[About this exercise] Output every line below as it stands, dropping only the images.

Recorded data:
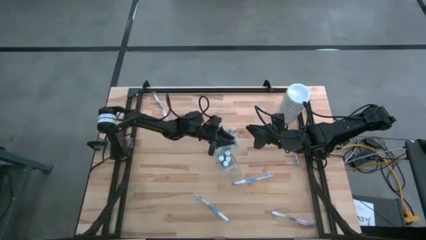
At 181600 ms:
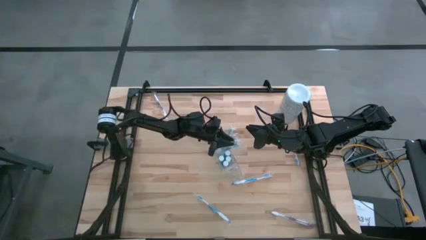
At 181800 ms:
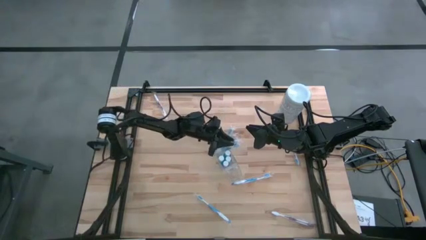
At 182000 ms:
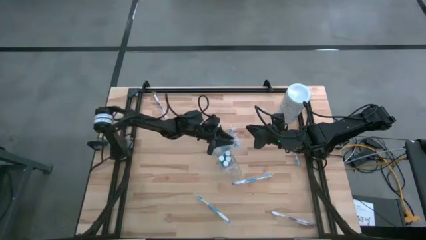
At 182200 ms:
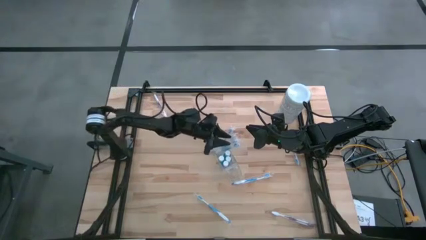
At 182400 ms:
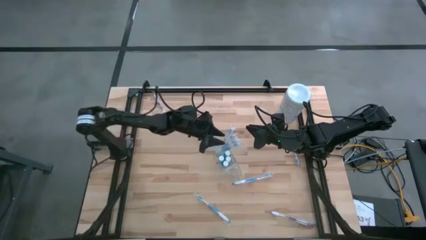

[Solution for this problem]
At 181600 ms:
At 181800 ms:
At 182000 ms:
At 182200 ms:
At 182400 ms:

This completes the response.